I think it is very hard to have it all and what paid the price was my marriage. “Murphy Brown” was not only a job with a salary, but it was a fixed job. So living in the city where my mother and my brother lived gave Chloe a sense of family and a sense of structure. The big problem was that my husband wanted us to move to France, and I wanted to move back to L.A. He missed his hometown, and I missed mine. That was very hard on him, certainly because he bore the brunt of the traveling.
Of course, in Paris, she would have had her French family, which in my husband’s case was vast. On the other hand, she wouldn’t have had the American sense of humor, and to me that matters.
I remember seeing you and Louis at an opening night at a play in Los Angeles, and it was lovely just seeing how in sync you were as a couple and how you looked at each other.
We loved each other. We had a wonderful time together. He was extremely brilliant. He knew everything about everything. He had this rampaging curiosity. He loved America. He loved American sports. It was thrilling to talk with him in bed at night about things.
And your memories of his illness and death from cancer and how he and Chloe bonded during that time were so touching. You were taking care of him while you were doing “Murphy Brown.”

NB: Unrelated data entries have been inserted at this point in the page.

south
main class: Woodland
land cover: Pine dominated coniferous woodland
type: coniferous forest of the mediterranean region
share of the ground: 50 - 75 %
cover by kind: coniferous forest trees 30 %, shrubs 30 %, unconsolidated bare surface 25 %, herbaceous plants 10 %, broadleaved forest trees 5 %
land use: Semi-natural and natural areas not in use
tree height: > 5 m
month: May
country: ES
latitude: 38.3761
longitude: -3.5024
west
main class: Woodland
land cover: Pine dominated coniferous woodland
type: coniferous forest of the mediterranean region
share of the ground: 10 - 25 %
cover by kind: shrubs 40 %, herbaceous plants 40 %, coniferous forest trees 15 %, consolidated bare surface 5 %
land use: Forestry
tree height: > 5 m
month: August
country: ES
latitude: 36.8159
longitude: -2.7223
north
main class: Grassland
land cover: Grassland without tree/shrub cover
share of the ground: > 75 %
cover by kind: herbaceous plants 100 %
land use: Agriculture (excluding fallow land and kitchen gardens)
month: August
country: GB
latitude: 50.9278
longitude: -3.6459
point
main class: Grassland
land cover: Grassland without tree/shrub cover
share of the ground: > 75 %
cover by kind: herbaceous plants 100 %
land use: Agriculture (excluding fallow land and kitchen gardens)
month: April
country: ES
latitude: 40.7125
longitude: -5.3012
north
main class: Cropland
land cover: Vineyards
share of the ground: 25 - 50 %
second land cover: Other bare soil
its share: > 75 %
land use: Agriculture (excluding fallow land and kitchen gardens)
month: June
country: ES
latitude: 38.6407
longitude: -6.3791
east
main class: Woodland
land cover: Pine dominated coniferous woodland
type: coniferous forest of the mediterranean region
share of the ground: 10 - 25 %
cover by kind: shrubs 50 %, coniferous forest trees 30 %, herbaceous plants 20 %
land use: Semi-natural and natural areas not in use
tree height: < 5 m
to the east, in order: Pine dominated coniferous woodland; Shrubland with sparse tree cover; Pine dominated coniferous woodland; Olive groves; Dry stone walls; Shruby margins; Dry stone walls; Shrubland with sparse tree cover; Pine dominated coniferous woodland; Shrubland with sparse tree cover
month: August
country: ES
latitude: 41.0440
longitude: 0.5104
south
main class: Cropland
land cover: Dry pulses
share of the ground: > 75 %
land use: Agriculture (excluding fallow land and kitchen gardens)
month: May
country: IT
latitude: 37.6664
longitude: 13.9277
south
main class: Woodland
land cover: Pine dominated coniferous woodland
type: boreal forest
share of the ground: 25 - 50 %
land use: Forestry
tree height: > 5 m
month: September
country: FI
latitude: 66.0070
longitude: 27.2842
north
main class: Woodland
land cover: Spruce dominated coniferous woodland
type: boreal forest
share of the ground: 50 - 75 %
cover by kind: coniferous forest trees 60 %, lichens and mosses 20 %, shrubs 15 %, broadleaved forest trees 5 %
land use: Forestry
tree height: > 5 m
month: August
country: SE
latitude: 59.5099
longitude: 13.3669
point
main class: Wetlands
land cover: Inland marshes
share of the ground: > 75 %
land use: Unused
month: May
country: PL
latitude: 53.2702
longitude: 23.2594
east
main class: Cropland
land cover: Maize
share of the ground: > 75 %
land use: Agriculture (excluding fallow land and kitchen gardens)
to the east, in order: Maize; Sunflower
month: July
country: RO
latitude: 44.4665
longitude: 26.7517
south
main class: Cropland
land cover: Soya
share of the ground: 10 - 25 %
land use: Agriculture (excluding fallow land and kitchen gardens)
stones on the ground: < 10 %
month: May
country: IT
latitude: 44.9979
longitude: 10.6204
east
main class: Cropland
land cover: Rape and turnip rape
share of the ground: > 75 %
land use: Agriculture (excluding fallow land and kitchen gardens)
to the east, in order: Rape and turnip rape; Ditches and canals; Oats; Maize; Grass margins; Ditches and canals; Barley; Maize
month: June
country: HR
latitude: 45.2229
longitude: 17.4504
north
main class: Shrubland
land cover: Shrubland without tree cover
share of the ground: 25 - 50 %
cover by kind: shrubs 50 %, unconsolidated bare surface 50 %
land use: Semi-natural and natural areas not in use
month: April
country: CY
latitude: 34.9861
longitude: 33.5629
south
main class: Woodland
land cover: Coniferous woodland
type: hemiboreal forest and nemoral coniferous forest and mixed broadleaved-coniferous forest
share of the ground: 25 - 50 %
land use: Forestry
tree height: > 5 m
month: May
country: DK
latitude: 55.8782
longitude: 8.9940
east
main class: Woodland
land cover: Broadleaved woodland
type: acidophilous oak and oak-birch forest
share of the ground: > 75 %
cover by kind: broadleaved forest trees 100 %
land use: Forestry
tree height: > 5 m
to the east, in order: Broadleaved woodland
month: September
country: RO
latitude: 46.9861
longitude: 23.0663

People thought there was something vaguely heroic about my continuing to work. It kept me sane.
Were you surprised when the “Murphy Brown” pregnancy was turned into a political hot potato in 1992 by Vice President Dan Quayle, who said that Murphy opting for single motherhood was “ignoring the importance of fathers”?
I had some idea [it would] because I have a close friend and he called me and said, “You better be careful. You are going to send a message that can be very dangerous to young women who don’t know better and who don’t have the advantages and means of your target audience.” Of course, I thought he was exaggerating, but he was right as usual.
It was just the vanguard of what was happening socially. Women were starting to have children as single mothers. They were women who had to do it because they didn’t find a relationship that they wanted to be in and didn’t want to miss having children.
You and Marshall Rose have been married 15 years now. It’s a totally different marriage. You and Louis were separated for months at a time, but Marshall is very much a home body.
He is the most attentive husband. He’s kind and intelligent. He used to carry a briefcase. I just though that was the most exotic thing I had ever seen. A guy carrying a box off to work. He just thinks that me and all of my friends are some place deeply crazy. He has given up trying to make sense out of us.